Last note: the fight scenes. In the previous films, the fights were usually inundated with shaky cam, so I applaud Nolan's decision to shoot with steady clarity. There's a matter-of-factness to the way the fights play out, especially the backbreaker one. Nolan doesn't want you to feel like you're in the fight, he wants you to observe, much like Catwoman did. One feels helpless to the brutality, a resigned horror at the sight Batman's punches shrugged off as mere whiffs of wind. That dread builds up again in those moments. But so does a thirst for redemption and salvation. I am grateful The Dark Knight Rises delivered.

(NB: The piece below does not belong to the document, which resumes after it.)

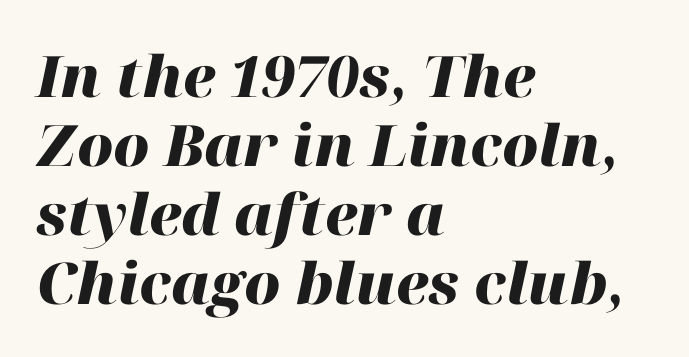
Line starts are locked; line ends wander. These words are printed bold, with thick strokes throughout. These lines are rendered in a variable-pitch font. Characters are canted at an angle relative to the baseline's perpendicular. Plain, unruled lines of type.

Let's set the DeLorean back real quick since I'm realizing I devoted the entire article to The Dark Knight Rises. My curiosity was piqued when I heard the director of Memento and Insomnia was doing a Batman movie. It's largely enjoyable. Even though it represented a hard reset, watching it again and it feels actually like a transitional movie. The production design, especially of Gotham City and the train that is central to the climax, is still Burton-inspired, with lots of brown and rising steam. The men are often tailored into sharp suits, a visual mainstay for every Nolan film going forward. Katie Holmes, however, is really out of place. I suspect that she wasn't Nolan's first pick, furthered by the fact that he was quick to recast the Rachel Dawes role for The Dark Knight. Holmes wears jarringly plain clothes, likely inspired by the successful Kirsten Dunst role in Spider-Man.

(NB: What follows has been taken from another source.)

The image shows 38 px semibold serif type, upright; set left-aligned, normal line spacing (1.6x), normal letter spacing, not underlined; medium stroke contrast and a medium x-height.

The Dark Knight is still my favorite Batman movie, though I'd have to watch Rises again to be certain. Rises had a big sweeping narrative arc that really pulls you in, but there are individual pieces to The Dark Knight that are beyond anything else. The novelty of seeing Batman in this ultra sleek modern world never gets old. And, of course, The Joker. Heath Ledger's performance will remain legendary. So complete was this vision of the Joker that TDK deflates considerably when he's not on-screen.

What's funny is how The Dark Knight now feels in the wake of Rises, which was maximalist with its storytelling in every way. I think the opening bank heist, largely free of special effects, is still the best sequence committed to a Batman film. The vertiginous rush seeing crooks zipline across a cityscape, the back and forth dialogue, and the rising tension as the bad guys start killing each other. It leads to Ledger's incredible introduction and one of my favorite lines, "Whatever doesn't kill you, makes you stranger."

The Avengers was a culmination of a decade of films and staggering business mergers. The Dark Knight Rises closes one of the best trilogies ever, one that redefined what can happen when comic book and cinema collide. We've entered what seems to be a curious age for filmmakers. It's not quite the '70s again, but with Joss Whedon and Nolan writing and directing these films, it's almost like the emergence of blockbuster auteur theory. Where will the superhero movie go from here?